Omit the pictures, then reproduce every remaining record exactly.

------ Dataset entries

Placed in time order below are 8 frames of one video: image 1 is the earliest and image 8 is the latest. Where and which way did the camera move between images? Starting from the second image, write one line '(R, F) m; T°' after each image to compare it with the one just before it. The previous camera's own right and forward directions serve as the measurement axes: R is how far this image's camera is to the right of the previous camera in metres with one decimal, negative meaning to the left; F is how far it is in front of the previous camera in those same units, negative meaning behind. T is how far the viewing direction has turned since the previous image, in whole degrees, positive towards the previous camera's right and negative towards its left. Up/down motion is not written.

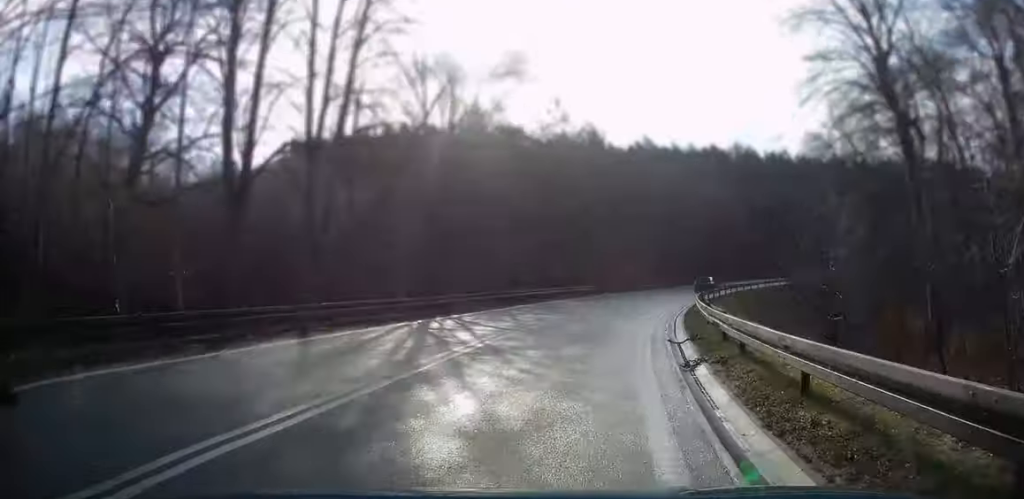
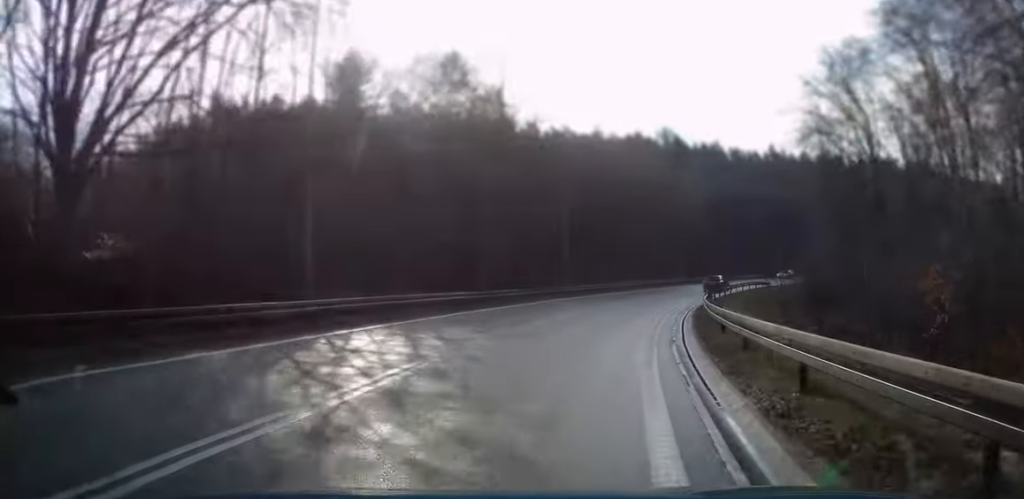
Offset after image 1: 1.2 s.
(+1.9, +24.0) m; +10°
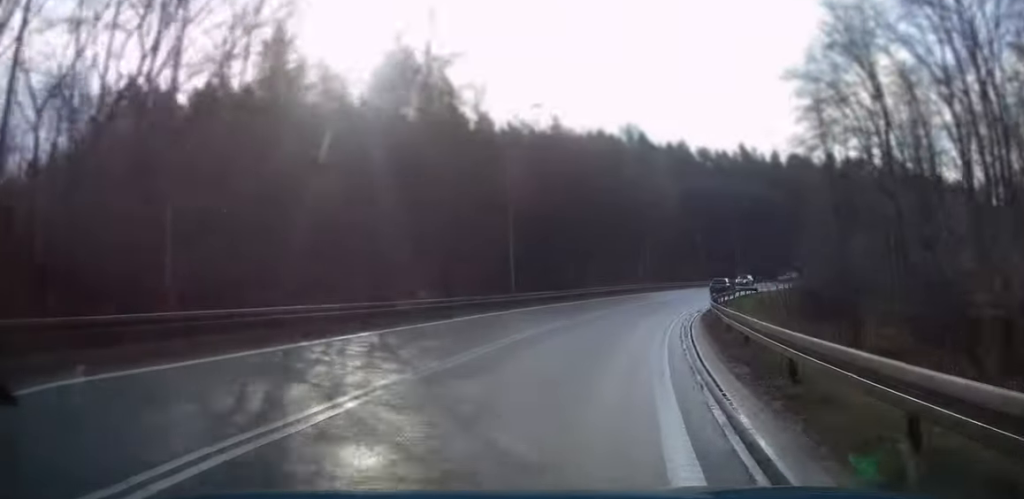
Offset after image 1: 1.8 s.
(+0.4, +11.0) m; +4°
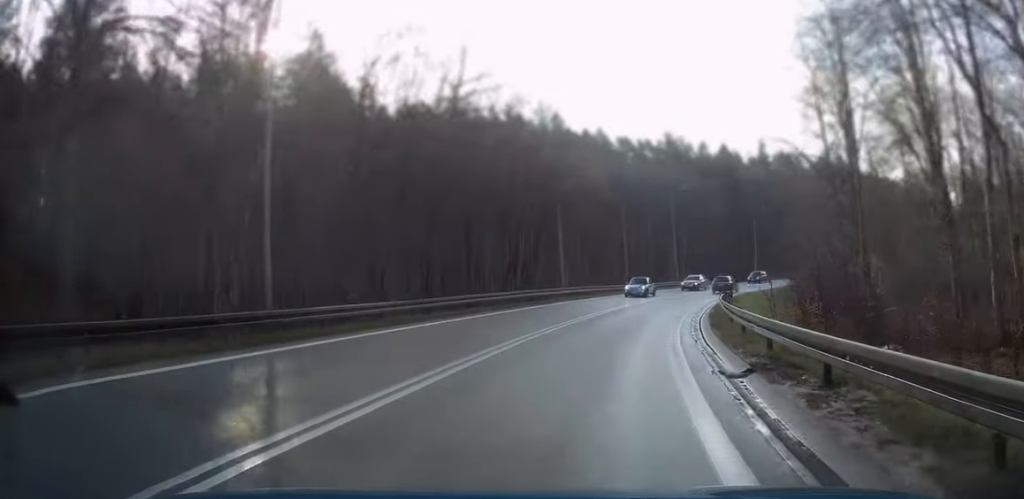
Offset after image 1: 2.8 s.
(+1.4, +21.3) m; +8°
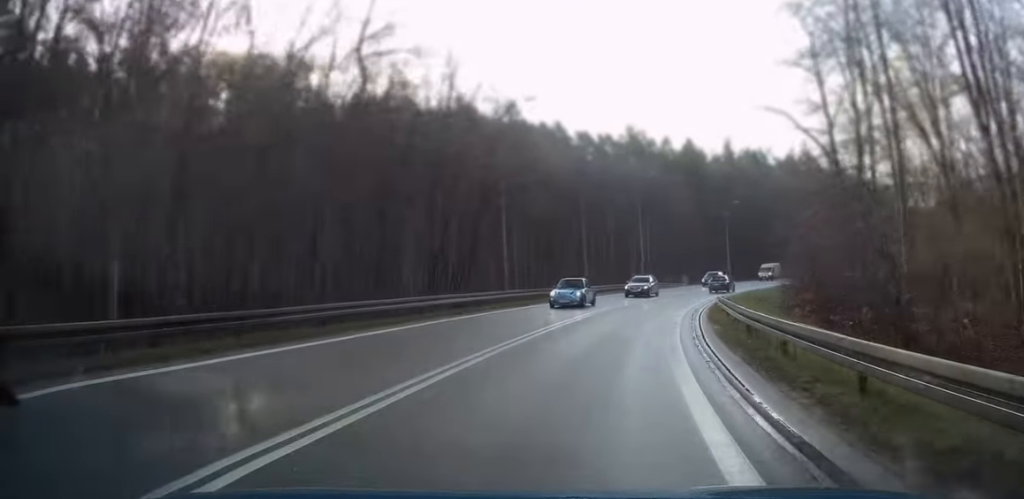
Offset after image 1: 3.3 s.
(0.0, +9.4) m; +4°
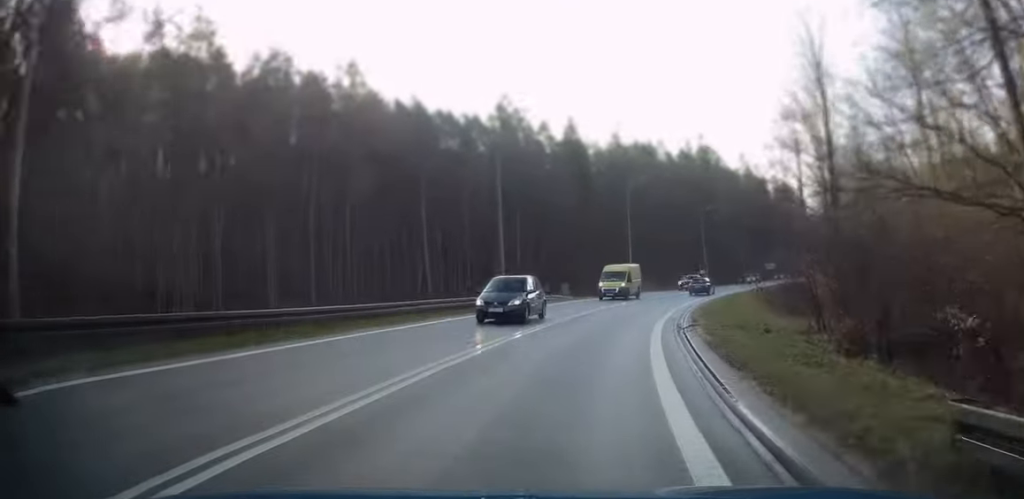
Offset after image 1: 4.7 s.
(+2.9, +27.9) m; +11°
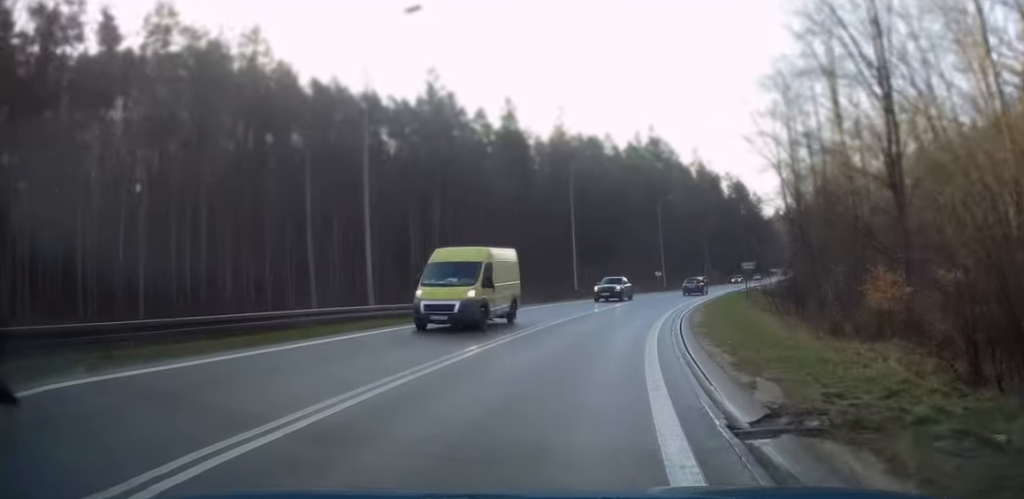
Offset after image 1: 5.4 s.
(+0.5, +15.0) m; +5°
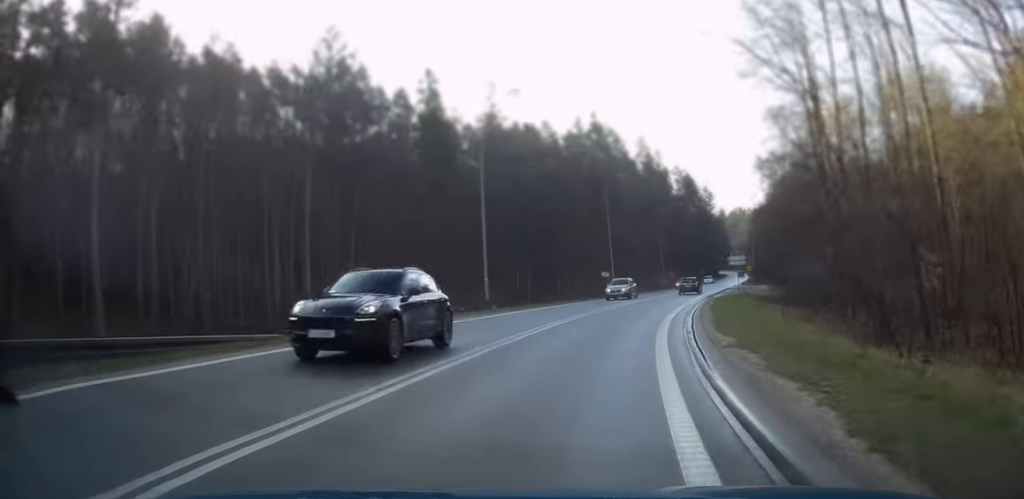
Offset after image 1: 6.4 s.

------------

→ Task response
Placed in time order below are 8 frames of one video: image 1 is the earliest and image 8 is the latest. Where and which way did the camera move between images? Starting from the second image, write one line '(R, F) m; T°' after each image to compare it with the one just before it. The previous camera's own right and forward directions serve as the measurement axes: R is how far this image's camera is to the right of the previous camera in metres with one decimal, negative meaning to the left; F is how far it is in front of the previous camera in those same units, negative meaning behind. T is how far the viewing direction has turned since the previous image, in whole degrees, positive towards the previous camera's right and negative towards its left. Up/down motion is not written.

Offset after image 1: 1.2 s.
(+1.9, +24.0) m; +10°
Offset after image 1: 1.8 s.
(+0.4, +11.0) m; +4°
Offset after image 1: 2.8 s.
(+1.4, +21.3) m; +8°
Offset after image 1: 3.3 s.
(0.0, +9.4) m; +4°
Offset after image 1: 4.7 s.
(+2.9, +27.9) m; +11°
Offset after image 1: 5.4 s.
(+0.5, +15.0) m; +5°
Offset after image 1: 6.4 s.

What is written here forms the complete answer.